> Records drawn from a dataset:
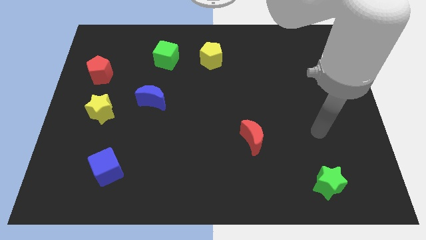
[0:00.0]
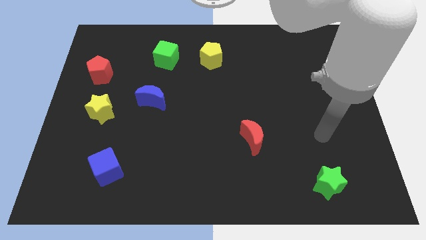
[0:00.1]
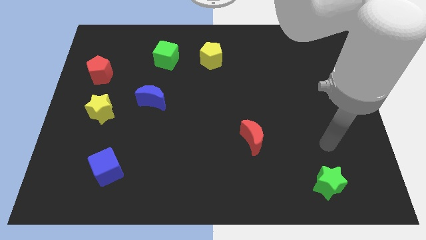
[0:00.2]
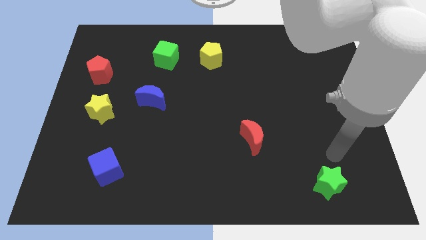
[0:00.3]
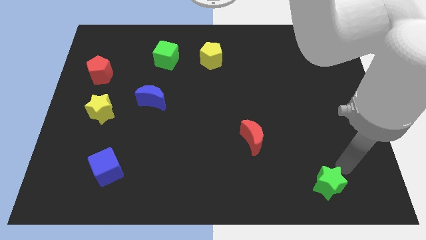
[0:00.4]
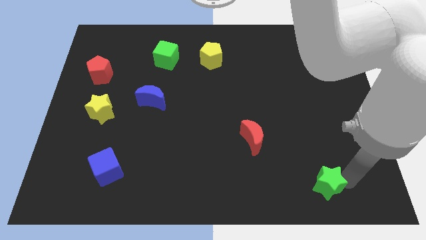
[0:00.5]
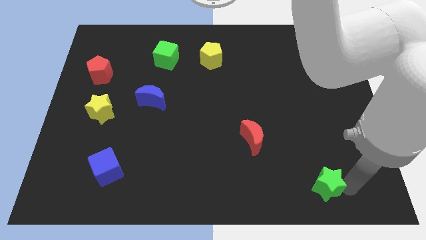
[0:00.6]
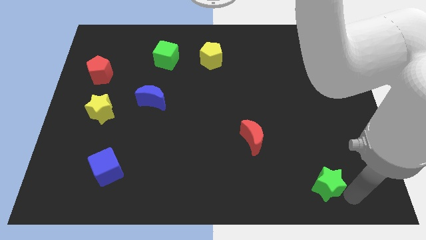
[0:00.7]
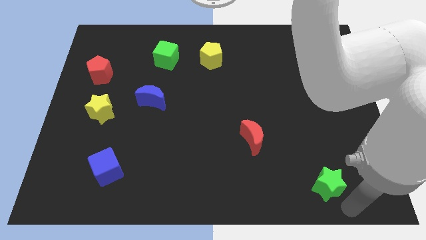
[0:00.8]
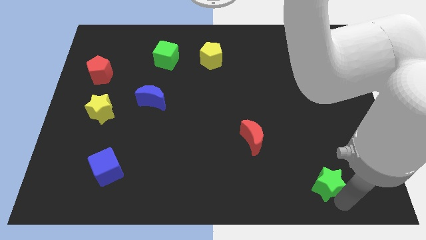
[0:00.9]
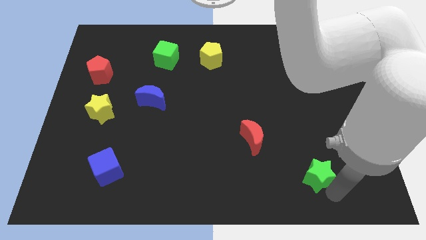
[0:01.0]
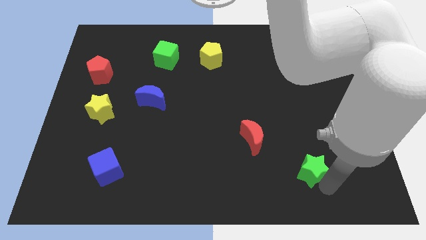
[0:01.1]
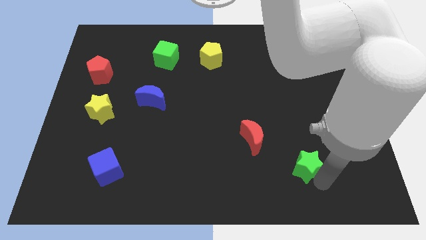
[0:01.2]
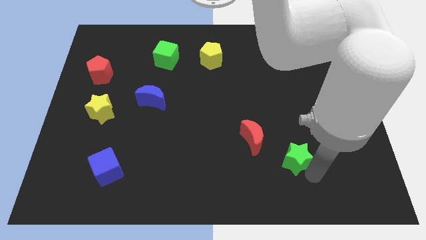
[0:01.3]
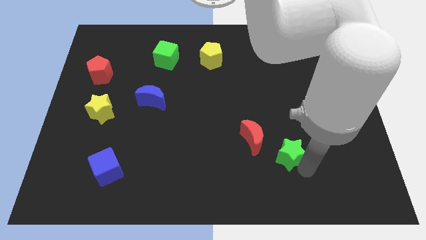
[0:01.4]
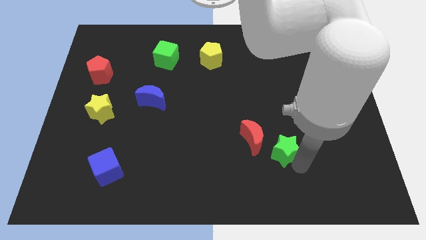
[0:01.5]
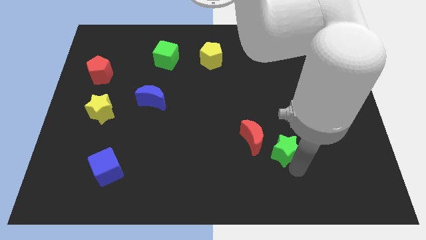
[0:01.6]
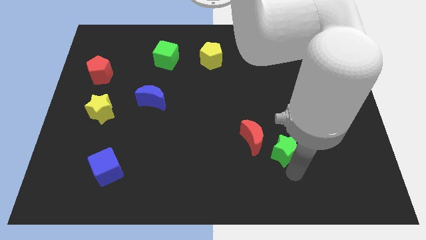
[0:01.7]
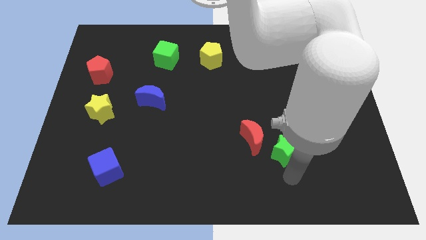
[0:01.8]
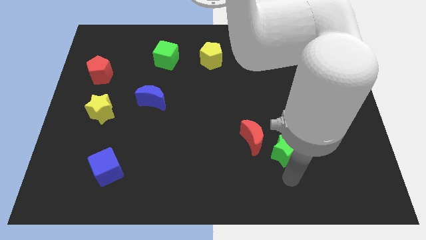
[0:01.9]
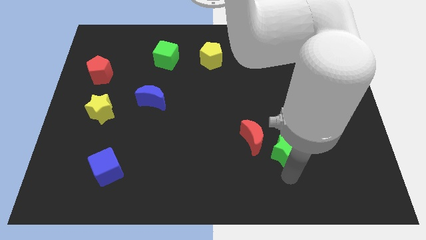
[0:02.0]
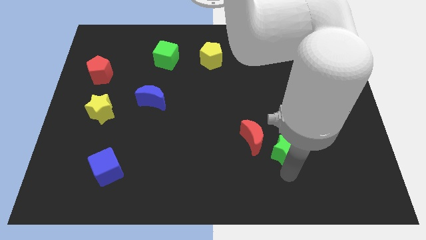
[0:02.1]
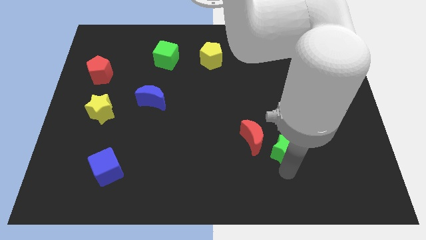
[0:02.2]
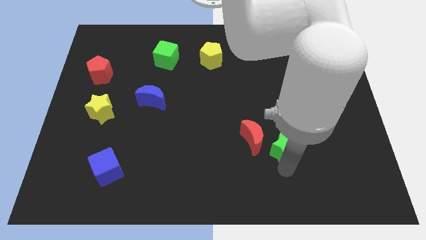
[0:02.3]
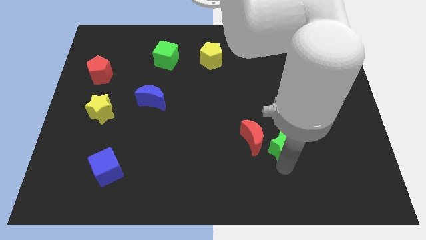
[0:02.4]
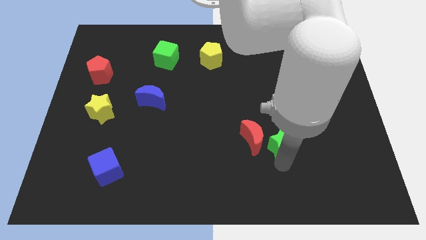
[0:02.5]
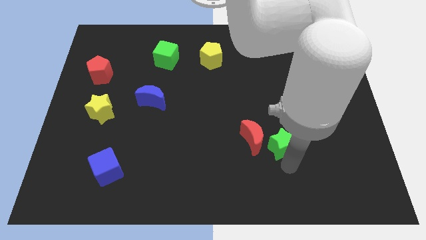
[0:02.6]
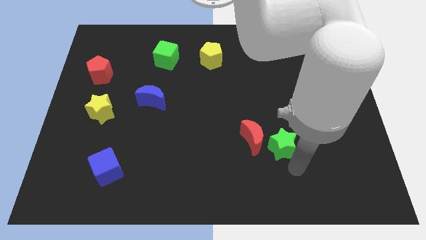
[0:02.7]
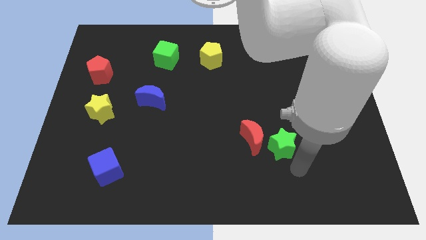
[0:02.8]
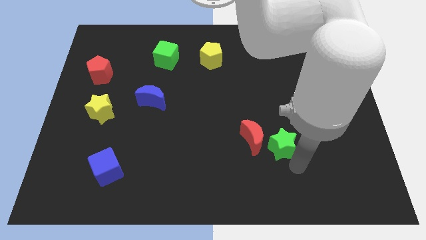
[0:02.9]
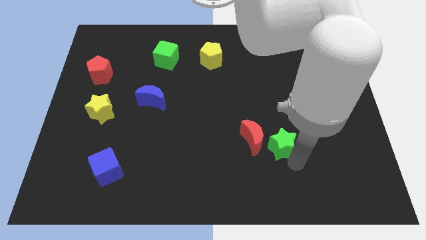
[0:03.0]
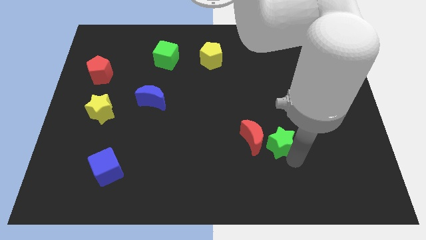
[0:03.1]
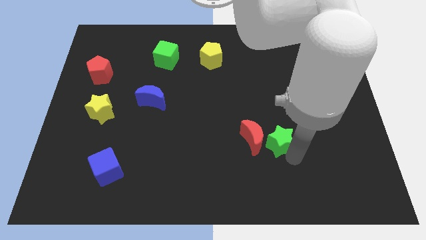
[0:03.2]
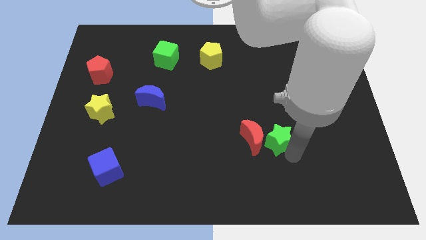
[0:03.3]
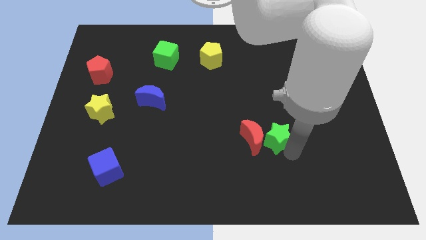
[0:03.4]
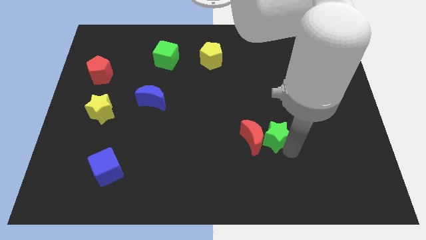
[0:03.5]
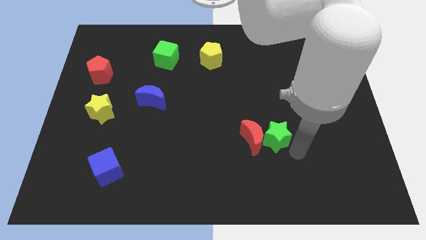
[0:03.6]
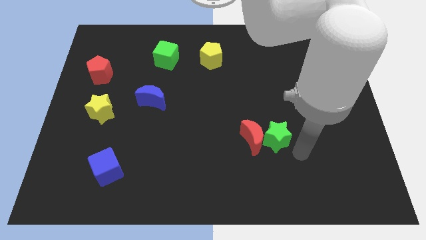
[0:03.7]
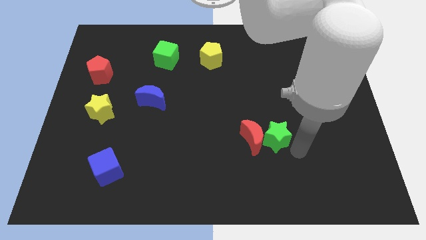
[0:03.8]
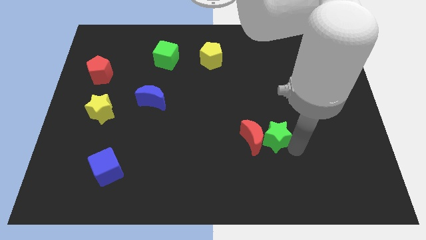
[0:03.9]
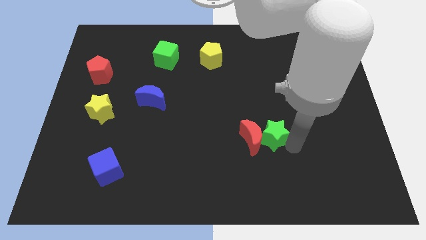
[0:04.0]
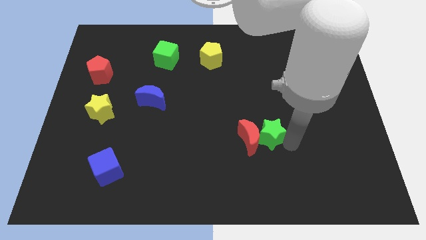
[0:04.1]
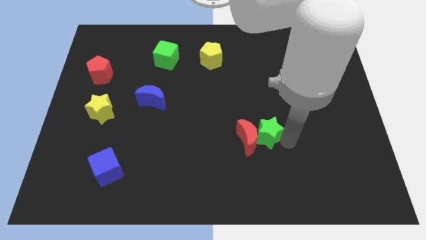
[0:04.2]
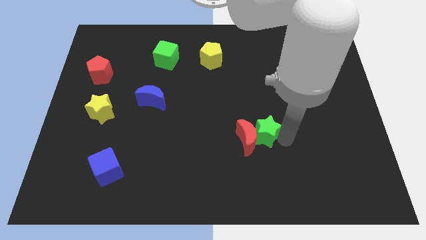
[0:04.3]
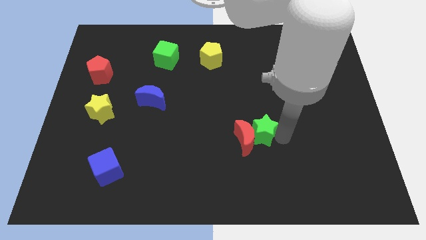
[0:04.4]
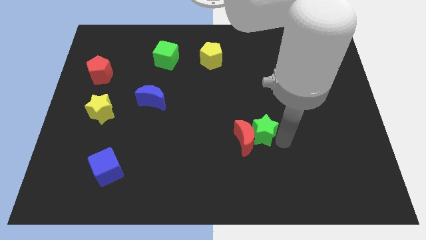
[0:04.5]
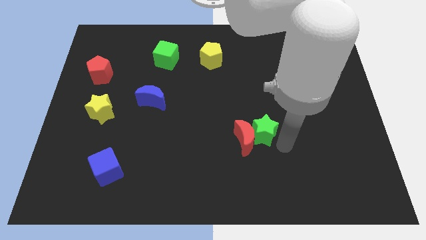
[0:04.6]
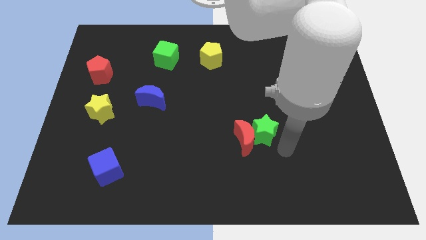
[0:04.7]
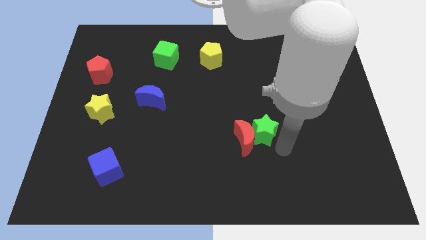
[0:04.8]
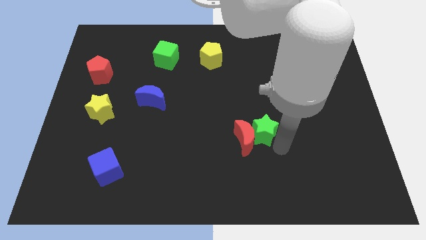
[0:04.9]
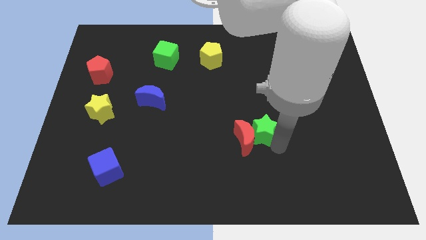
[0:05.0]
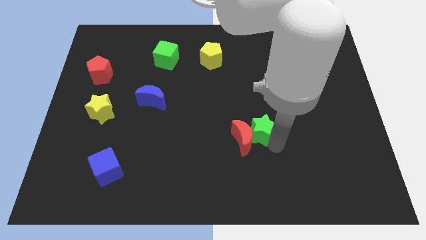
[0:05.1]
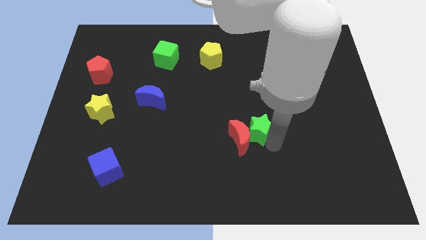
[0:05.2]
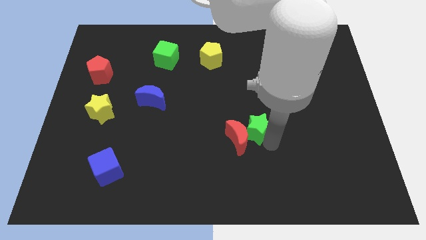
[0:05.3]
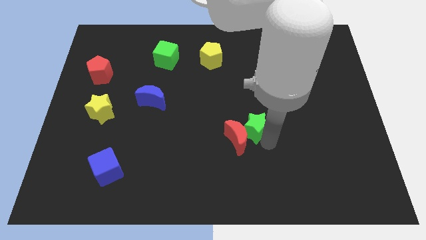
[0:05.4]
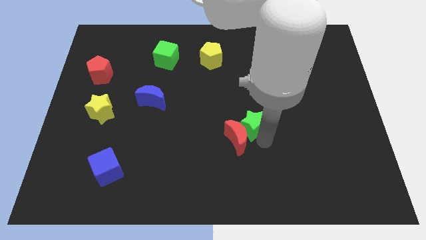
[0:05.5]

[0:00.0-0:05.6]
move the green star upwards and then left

> Required action: All of the data is to be returned exactly, with no pictures included.

> Reply to the task:
[0:00.0]
[0:00.1]
[0:00.2]
[0:00.3]
[0:00.4]
[0:00.5]
[0:00.6]
[0:00.7]
[0:00.8]
[0:00.9]
[0:01.0]
[0:01.1]
[0:01.2]
[0:01.3]
[0:01.4]
[0:01.5]
[0:01.6]
[0:01.7]
[0:01.8]
[0:01.9]
[0:02.0]
[0:02.1]
[0:02.2]
[0:02.3]
[0:02.4]
[0:02.5]
[0:02.6]
[0:02.7]
[0:02.8]
[0:02.9]
[0:03.0]
[0:03.1]
[0:03.2]
[0:03.3]
[0:03.4]
[0:03.5]
[0:03.6]
[0:03.7]
[0:03.8]
[0:03.9]
[0:04.0]
[0:04.1]
[0:04.2]
[0:04.3]
[0:04.4]
[0:04.5]
[0:04.6]
[0:04.7]
[0:04.8]
[0:04.9]
[0:05.0]
[0:05.1]
[0:05.2]
[0:05.3]
[0:05.4]
[0:05.5]

[0:00.0-0:05.6]
move the green star upwards and then left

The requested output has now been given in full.